SECURITIES AND EXCHANGE COMMISSION
Washington, D.C. 20549
 
FORM 8-K
 
CURRENT REPORT
PURSUANT TO SECTION 13 OR 15(d) OF THE
SECURITIES AND EXCHANGE ACT OF 1934
Date of report (date of earliest event reported): December 5, 2011
 
 
RECON TECHNOLOGY, LTD
(Exact name of registrant as specified in its charter)
 
 
Cayman Islands
 
001-34409
 
N/A
(State or Other Jurisdiction
of Incorporation)
 
(Commission
File Number)
 
(IRS Employer
Identification No.)
 
Room 1902, Building C, King Long International Mansion
No. 9 Fulin Road
Beijing, 100107
People’s Republic of China
(Address of principal executive offices)
Registrant’s telephone number, including area code: +86 (10) 8494 5799
 
 
Check the appropriate box below if the Form 8-K filing is intended to simultaneously satisfy the filing obligations of the registrant under any of the following provisions:
 
¨
Written communications pursuant to Rule 425 under the Securities Act (17 CFR 230.425)
¨
Soliciting material pursuant to Rule 14a-12 under the Exchange Act (17 CFR 240.14a-12)
¨
Pre-commencement communications pursuant to Rule 14d-2(b) under the Exchange Act (17 CFR 240.14d-2(b))
¨
Pre-commencement communications pursuant to Rule 13e-4(c) under the Exchange Act (17 CFR 240.13e-4(c))
 
 
 

 

Item 3.01    Notice of Delisting or Failure to Satisfy a Continued Listing Rule or Standard; Transfer of Listing.
 
On December 5, 2011, Recon Technology, Ltd (the “Company”) received from the Nasdaq OMX Group (“Nasdaq”) a letter (the “Nasdaq Letter”) indicating that it is not in compliance with the minimum $1.00 per share minimum bid price requirement for continued inclusion on the Nasdaq Capital Market set forth in Nasdaq Marketplace Rule 5450(a)(1), as a result of the bid price of the Company’s ordinary shares having closed below $1.00 for the last 30 consecutive business days prior to the date of the letter.  

Nasdaq’s letter advises the Company that, in accordance with Nasdaq Marketplace Rule 5810(c)(3)(A), the Company will be provided 180 calendar days, or until June 4, 2012, to regain compliance.
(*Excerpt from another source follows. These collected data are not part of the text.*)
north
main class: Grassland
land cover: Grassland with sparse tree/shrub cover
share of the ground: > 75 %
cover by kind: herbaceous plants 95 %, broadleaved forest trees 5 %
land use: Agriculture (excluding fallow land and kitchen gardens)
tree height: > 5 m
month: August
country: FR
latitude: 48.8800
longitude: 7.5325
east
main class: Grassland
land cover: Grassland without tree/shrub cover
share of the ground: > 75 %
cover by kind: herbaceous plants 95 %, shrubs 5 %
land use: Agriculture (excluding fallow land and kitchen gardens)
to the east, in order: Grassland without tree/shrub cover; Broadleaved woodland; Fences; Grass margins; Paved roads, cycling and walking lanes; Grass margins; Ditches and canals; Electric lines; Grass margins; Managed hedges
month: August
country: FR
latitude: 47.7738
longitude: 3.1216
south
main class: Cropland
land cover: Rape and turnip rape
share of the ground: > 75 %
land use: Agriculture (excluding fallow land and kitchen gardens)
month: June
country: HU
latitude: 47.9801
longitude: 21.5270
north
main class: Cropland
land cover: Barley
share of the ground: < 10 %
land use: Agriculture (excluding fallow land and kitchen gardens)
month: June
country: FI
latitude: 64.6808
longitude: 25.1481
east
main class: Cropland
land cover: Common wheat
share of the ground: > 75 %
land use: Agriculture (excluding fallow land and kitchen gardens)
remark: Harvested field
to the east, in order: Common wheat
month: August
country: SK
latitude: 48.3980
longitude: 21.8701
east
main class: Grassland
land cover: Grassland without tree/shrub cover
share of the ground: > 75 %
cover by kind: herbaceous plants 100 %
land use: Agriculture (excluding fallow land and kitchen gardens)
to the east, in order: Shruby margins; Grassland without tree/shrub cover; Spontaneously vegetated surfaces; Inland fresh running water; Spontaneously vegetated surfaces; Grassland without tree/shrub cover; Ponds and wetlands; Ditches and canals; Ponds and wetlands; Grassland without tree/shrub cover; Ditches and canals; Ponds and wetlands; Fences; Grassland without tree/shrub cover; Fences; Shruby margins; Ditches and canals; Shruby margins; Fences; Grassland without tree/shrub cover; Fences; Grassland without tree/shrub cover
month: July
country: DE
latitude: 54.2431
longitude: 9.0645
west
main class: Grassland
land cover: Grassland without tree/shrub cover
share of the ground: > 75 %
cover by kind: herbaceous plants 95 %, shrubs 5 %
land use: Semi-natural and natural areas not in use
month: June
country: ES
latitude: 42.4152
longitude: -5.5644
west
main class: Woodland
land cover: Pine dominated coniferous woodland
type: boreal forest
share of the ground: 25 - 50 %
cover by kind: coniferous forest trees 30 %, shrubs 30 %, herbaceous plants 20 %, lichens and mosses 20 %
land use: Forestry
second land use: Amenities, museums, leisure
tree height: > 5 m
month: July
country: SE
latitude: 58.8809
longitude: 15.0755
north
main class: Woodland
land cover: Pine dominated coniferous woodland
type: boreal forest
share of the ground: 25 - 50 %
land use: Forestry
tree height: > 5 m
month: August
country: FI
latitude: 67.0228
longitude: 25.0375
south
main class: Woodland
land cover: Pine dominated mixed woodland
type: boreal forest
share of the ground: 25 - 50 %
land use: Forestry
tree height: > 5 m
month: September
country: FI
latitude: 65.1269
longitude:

The letter further advises that such compliance can be achieved if, at any time before June 4, 2012, the bid price of the Company’s ordinary shares closes at $1.00 or more per share for a minimum of 10 consecutive business days. There can be no guarantee that the Company will be able to regain compliance with the continued listing requirement of Nasdaq Marketplace Rule 5450(a)(1).

If the Company does not regain compliance by June 4, 2012, Nasdaq will provide written notification to the Company that its ordinary shares may be delisted. At that time, the Company may appeal Nasdaq’s decision to a Listing Qualifications Panel.
 
The Company intends to actively monitor the bid price for its ordinary shares between now and June 4, 2012, and will consider available options to resolve the deficiency and regain compliance with the Nasdaq minimum bid price requirement.

ITEM 4.02    NON-RELIANCE ON PREVIOUSLY ISSUED FINANCIAL STATEMENTS OR A RELATED AUDIT REPORT OR COMPLETED INTERIM REVIEW.

On December 6, 2011, the Audit Committee of the Registrant, which is authorized to take such action, concluded that the unaudited consolidated financial statements included in the Registrant’s Quarterly Reports on Form 10-Q as of and for the three and six months ended December 31, 2010 and as of and for the three and nine months ended March 31, 2011 (the “Original Filings”), should no longer be relied upon. They consolidate in the Registrant’s financial statements the operating results of an entity that should not have been consolidated during such periods. In particular, the Registrant’s Audit Committee concluded that, in light of a December 16, 2010 change in the equity ownership of ENI Energy Technology Co., Ltd., a PRC company (“ENI”), the Registrant ceased to have the power to direct the activities of ENI which most significantly impact its economic performance as of the date of transfer. As a result, ENI ceased to be a variable interest entity of the Registrant at that time, and its financial results should not have been consolidated with those of the Registrant beginning December 16, 2010.

Management and the Registrant’s Board of Directors brought this matter to the attention of and discussed this matter with the Registrant’s independent registered public accounting firm.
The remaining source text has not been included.